1. A Primeira Seção do Colendo Superior Tribunal no julgamento do REsp 1.381.734/RN, Relator Ministro BENEDITO GONÇALVES, sedimentou o seguinte entendimento referente ao Tema 979/STJ: "Com relação aos pagamentos indevidos aos segurados decorrentes de erro administrativo (material ou operacional), não embasado em interpretação errônea ou equivocada da lei pela Administração, são repetíveis os valores, sendo legítimo o seu desconto no percentual de até 30% (trinta por cento) do valor do benefício mensal, ressalvada a hipótese em que o segurado, diante do caso concreto, comprova sua boa-fé objetiva, sobretudo com demonstração de que não lhe era possível constatar o pagamento indevido".
2. Além disso, houve modulação dos efeitos da decisão para que a aplicação do referido Tema 979 se dê somente aos processos distribuídos, na primeira instância, a partir da publicação do v. acórdão, ocorrida em 23/04/2021.
3. No caso, a presente demanda foi distribuída em primeira instância em outubro de 2023, sendo aplicável o Tema 979.
4. Demonstrada nos autos a boa-fé objetiva do segurado, no sentido de que não lhe era possível constatar o pagamento indevido. Não há falar em má-fé da parte autora somente pelo fato de não ter comunicado o recebimento de nova renda familiar.
5. À autarquia impõe-se o poder-dever de fiscalização e controle na concessão e no pagamento dos benefícios, dispondo de recursos para constatar eventuais irregularidades que causem prejuízo ao Erário Público.

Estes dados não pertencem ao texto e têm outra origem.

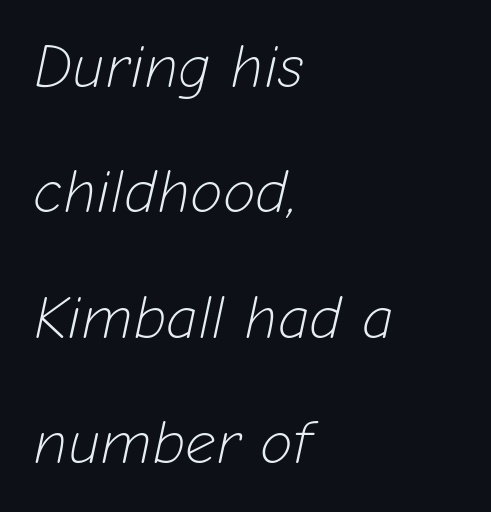
The image shows 60 px light type, italic (leaning right); set left-aligned, loose line spacing (2.09x), normal letter spacing, not underlined; low stroke contrast and a medium x-height.
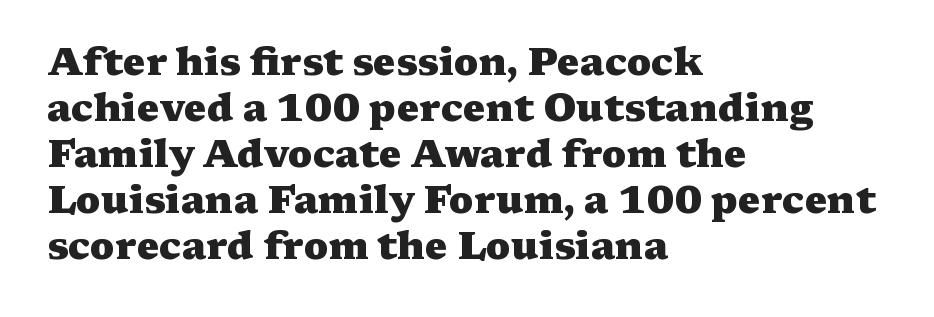
Letterform terminals end in serifs throughout the passage. Each letter keeps its own natural width here, so spacing adapts to shape. The face used here has the dense, thick strokes of a bold. The text block is weighted toward the left margin, trailing off unevenly rightward. Quick note: underline off. Students, note that the glyphs here touch the page at normal intervals.

6. Assim, eventual demora na revisão periódica, prevista no artigo 21 da Lei 8.742/93, não pode ser imputada ao segurado de boa-fé.
7. Deve aplicar-se, também, a majoração dos honorários advocatícios, prevista no art. 85, § 11, do CPC, observados os critérios e percentuais estabelecidos nos §§ 2º e 3º do mesmo artigo.
8. Apelação do INSS não provida. De ofício, explicitados os consectários e verba honorária.